━━━━━ Dataset ━━━━━

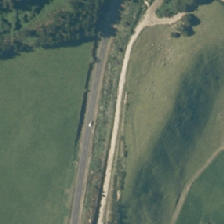
Land cover: grose_broom
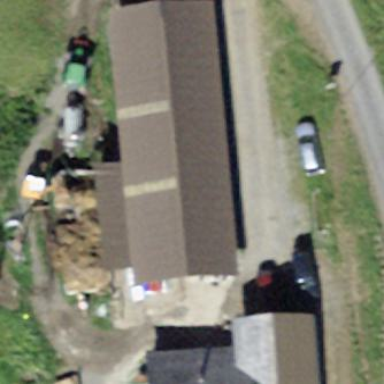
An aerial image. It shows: Gabled building with brown metal roof.
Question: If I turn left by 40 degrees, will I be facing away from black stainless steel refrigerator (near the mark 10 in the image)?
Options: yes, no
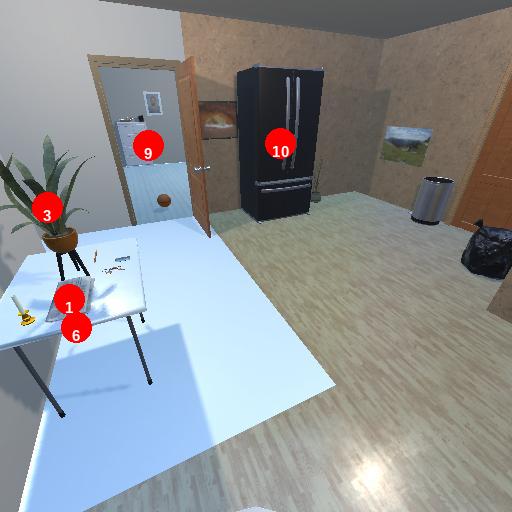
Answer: yes

━━━━━

> _Aim of the exercise_
Lines from the one with "Question: If I" through the final line of the records are the whole answer; print them exactly, minus any pictures.

> _Task solution_
Question: If I turn left by 40 degrees, will I be facing away from black stainless steel refrigerator (near the mark 10 in the image)?
Options: yes, no
Answer: yes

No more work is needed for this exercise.